Below are the records; restate all of them exactly.

Stored entries
* * *

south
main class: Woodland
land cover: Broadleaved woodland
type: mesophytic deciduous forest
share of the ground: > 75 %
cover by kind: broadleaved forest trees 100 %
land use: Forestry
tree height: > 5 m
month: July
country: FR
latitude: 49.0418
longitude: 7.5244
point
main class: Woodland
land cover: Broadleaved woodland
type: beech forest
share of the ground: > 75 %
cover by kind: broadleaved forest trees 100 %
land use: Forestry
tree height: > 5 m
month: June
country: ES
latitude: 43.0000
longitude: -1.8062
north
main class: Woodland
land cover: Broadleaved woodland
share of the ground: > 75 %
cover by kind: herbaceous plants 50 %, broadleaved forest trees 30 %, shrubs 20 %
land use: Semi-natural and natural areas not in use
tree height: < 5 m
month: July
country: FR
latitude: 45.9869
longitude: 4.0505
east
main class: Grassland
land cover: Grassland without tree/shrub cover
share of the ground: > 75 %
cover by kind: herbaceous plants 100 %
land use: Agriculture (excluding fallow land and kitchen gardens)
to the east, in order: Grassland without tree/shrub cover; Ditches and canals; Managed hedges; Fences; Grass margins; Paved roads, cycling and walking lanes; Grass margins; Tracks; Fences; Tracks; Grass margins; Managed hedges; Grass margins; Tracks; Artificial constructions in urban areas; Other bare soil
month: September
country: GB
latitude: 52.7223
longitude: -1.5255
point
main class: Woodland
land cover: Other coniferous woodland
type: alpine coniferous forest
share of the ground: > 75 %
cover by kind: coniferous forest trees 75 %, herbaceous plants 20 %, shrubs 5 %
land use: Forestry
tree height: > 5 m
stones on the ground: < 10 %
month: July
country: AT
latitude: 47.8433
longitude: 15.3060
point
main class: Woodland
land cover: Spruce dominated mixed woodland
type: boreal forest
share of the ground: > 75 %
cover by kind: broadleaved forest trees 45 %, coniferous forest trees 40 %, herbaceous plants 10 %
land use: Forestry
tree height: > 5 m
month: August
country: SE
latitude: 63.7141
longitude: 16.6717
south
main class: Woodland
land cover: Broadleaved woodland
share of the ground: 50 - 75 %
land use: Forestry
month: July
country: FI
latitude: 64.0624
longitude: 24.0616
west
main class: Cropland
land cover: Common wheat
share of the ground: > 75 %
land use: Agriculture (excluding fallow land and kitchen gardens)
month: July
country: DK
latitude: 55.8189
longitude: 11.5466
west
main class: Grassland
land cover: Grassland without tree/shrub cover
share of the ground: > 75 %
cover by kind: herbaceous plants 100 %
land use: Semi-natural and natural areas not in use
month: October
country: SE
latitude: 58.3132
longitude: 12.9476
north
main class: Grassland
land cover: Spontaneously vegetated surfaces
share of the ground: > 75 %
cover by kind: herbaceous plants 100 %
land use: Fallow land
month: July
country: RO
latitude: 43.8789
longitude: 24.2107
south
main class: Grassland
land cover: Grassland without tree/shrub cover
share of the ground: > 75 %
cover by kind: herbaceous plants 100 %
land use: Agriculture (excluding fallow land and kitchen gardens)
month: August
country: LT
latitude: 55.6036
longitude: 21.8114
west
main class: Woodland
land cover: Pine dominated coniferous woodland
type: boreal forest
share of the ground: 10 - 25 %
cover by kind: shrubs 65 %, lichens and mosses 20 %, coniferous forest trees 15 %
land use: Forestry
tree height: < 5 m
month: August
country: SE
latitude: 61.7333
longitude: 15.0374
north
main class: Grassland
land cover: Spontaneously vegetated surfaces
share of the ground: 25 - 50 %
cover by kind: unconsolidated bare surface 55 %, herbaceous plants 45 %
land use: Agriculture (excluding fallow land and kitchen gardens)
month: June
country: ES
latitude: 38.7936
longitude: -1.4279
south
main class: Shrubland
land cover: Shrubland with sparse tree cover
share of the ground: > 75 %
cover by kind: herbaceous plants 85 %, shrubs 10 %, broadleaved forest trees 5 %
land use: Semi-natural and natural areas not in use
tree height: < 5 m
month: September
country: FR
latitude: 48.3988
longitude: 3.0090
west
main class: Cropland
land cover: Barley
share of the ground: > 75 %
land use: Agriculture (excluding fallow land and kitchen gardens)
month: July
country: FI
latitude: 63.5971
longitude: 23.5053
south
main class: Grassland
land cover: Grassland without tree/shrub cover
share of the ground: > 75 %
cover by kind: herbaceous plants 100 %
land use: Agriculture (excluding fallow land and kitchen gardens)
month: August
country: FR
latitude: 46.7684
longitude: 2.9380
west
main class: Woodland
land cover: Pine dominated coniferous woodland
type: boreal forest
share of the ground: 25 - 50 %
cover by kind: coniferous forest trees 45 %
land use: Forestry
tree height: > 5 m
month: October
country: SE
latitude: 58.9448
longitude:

* * *

## Answer section
south
main class: Woodland
land cover: Broadleaved woodland
type: mesophytic deciduous forest
share of the ground: > 75 %
cover by kind: broadleaved forest trees 100 %
land use: Forestry
tree height: > 5 m
month: July
country: FR
latitude: 49.0418
longitude: 7.5244
point
main class: Woodland
land cover: Broadleaved woodland
type: beech forest
share of the ground: > 75 %
cover by kind: broadleaved forest trees 100 %
land use: Forestry
tree height: > 5 m
month: June
country: ES
latitude: 43.0000
longitude: -1.8062
north
main class: Woodland
land cover: Broadleaved woodland
share of the ground: > 75 %
cover by kind: herbaceous plants 50 %, broadleaved forest trees 30 %, shrubs 20 %
land use: Semi-natural and natural areas not in use
tree height: < 5 m
month: July
country: FR
latitude: 45.9869
longitude: 4.0505
east
main class: Grassland
land cover: Grassland without tree/shrub cover
share of the ground: > 75 %
cover by kind: herbaceous plants 100 %
land use: Agriculture (excluding fallow land and kitchen gardens)
to the east, in order: Grassland without tree/shrub cover; Ditches and canals; Managed hedges; Fences; Grass margins; Paved roads, cycling and walking lanes; Grass margins; Tracks; Fences; Tracks; Grass margins; Managed hedges; Grass margins; Tracks; Artificial constructions in urban areas; Other bare soil
month: September
country: GB
latitude: 52.7223
longitude: -1.5255
point
main class: Woodland
land cover: Other coniferous woodland
type: alpine coniferous forest
share of the ground: > 75 %
cover by kind: coniferous forest trees 75 %, herbaceous plants 20 %, shrubs 5 %
land use: Forestry
tree height: > 5 m
stones on the ground: < 10 %
month: July
country: AT
latitude: 47.8433
longitude: 15.3060
point
main class: Woodland
land cover: Spruce dominated mixed woodland
type: boreal forest
share of the ground: > 75 %
cover by kind: broadleaved forest trees 45 %, coniferous forest trees 40 %, herbaceous plants 10 %
land use: Forestry
tree height: > 5 m
month: August
country: SE
latitude: 63.7141
longitude: 16.6717
south
main class: Woodland
land cover: Broadleaved woodland
share of the ground: 50 - 75 %
land use: Forestry
month: July
country: FI
latitude: 64.0624
longitude: 24.0616
west
main class: Cropland
land cover: Common wheat
share of the ground: > 75 %
land use: Agriculture (excluding fallow land and kitchen gardens)
month: July
country: DK
latitude: 55.8189
longitude: 11.5466
west
main class: Grassland
land cover: Grassland without tree/shrub cover
share of the ground: > 75 %
cover by kind: herbaceous plants 100 %
land use: Semi-natural and natural areas not in use
month: October
country: SE
latitude: 58.3132
longitude: 12.9476
north
main class: Grassland
land cover: Spontaneously vegetated surfaces
share of the ground: > 75 %
cover by kind: herbaceous plants 100 %
land use: Fallow land
month: July
country: RO
latitude: 43.8789
longitude: 24.2107
south
main class: Grassland
land cover: Grassland without tree/shrub cover
share of the ground: > 75 %
cover by kind: herbaceous plants 100 %
land use: Agriculture (excluding fallow land and kitchen gardens)
month: August
country: LT
latitude: 55.6036
longitude: 21.8114
west
main class: Woodland
land cover: Pine dominated coniferous woodland
type: boreal forest
share of the ground: 10 - 25 %
cover by kind: shrubs 65 %, lichens and mosses 20 %, coniferous forest trees 15 %
land use: Forestry
tree height: < 5 m
month: August
country: SE
latitude: 61.7333
longitude: 15.0374
north
main class: Grassland
land cover: Spontaneously vegetated surfaces
share of the ground: 25 - 50 %
cover by kind: unconsolidated bare surface 55 %, herbaceous plants 45 %
land use: Agriculture (excluding fallow land and kitchen gardens)
month: June
country: ES
latitude: 38.7936
longitude: -1.4279
south
main class: Shrubland
land cover: Shrubland with sparse tree cover
share of the ground: > 75 %
cover by kind: herbaceous plants 85 %, shrubs 10 %, broadleaved forest trees 5 %
land use: Semi-natural and natural areas not in use
tree height: < 5 m
month: September
country: FR
latitude: 48.3988
longitude: 3.0090
west
main class: Cropland
land cover: Barley
share of the ground: > 75 %
land use: Agriculture (excluding fallow land and kitchen gardens)
month: July
country: FI
latitude: 63.5971
longitude: 23.5053
south
main class: Grassland
land cover: Grassland without tree/shrub cover
share of the ground: > 75 %
cover by kind: herbaceous plants 100 %
land use: Agriculture (excluding fallow land and kitchen gardens)
month: August
country: FR
latitude: 46.7684
longitude: 2.9380
west
main class: Woodland
land cover: Pine dominated coniferous woodland
type: boreal forest
share of the ground: 25 - 50 %
cover by kind: coniferous forest trees 45 %
land use: Forestry
tree height: > 5 m
month: October
country: SE
latitude: 58.9448
longitude:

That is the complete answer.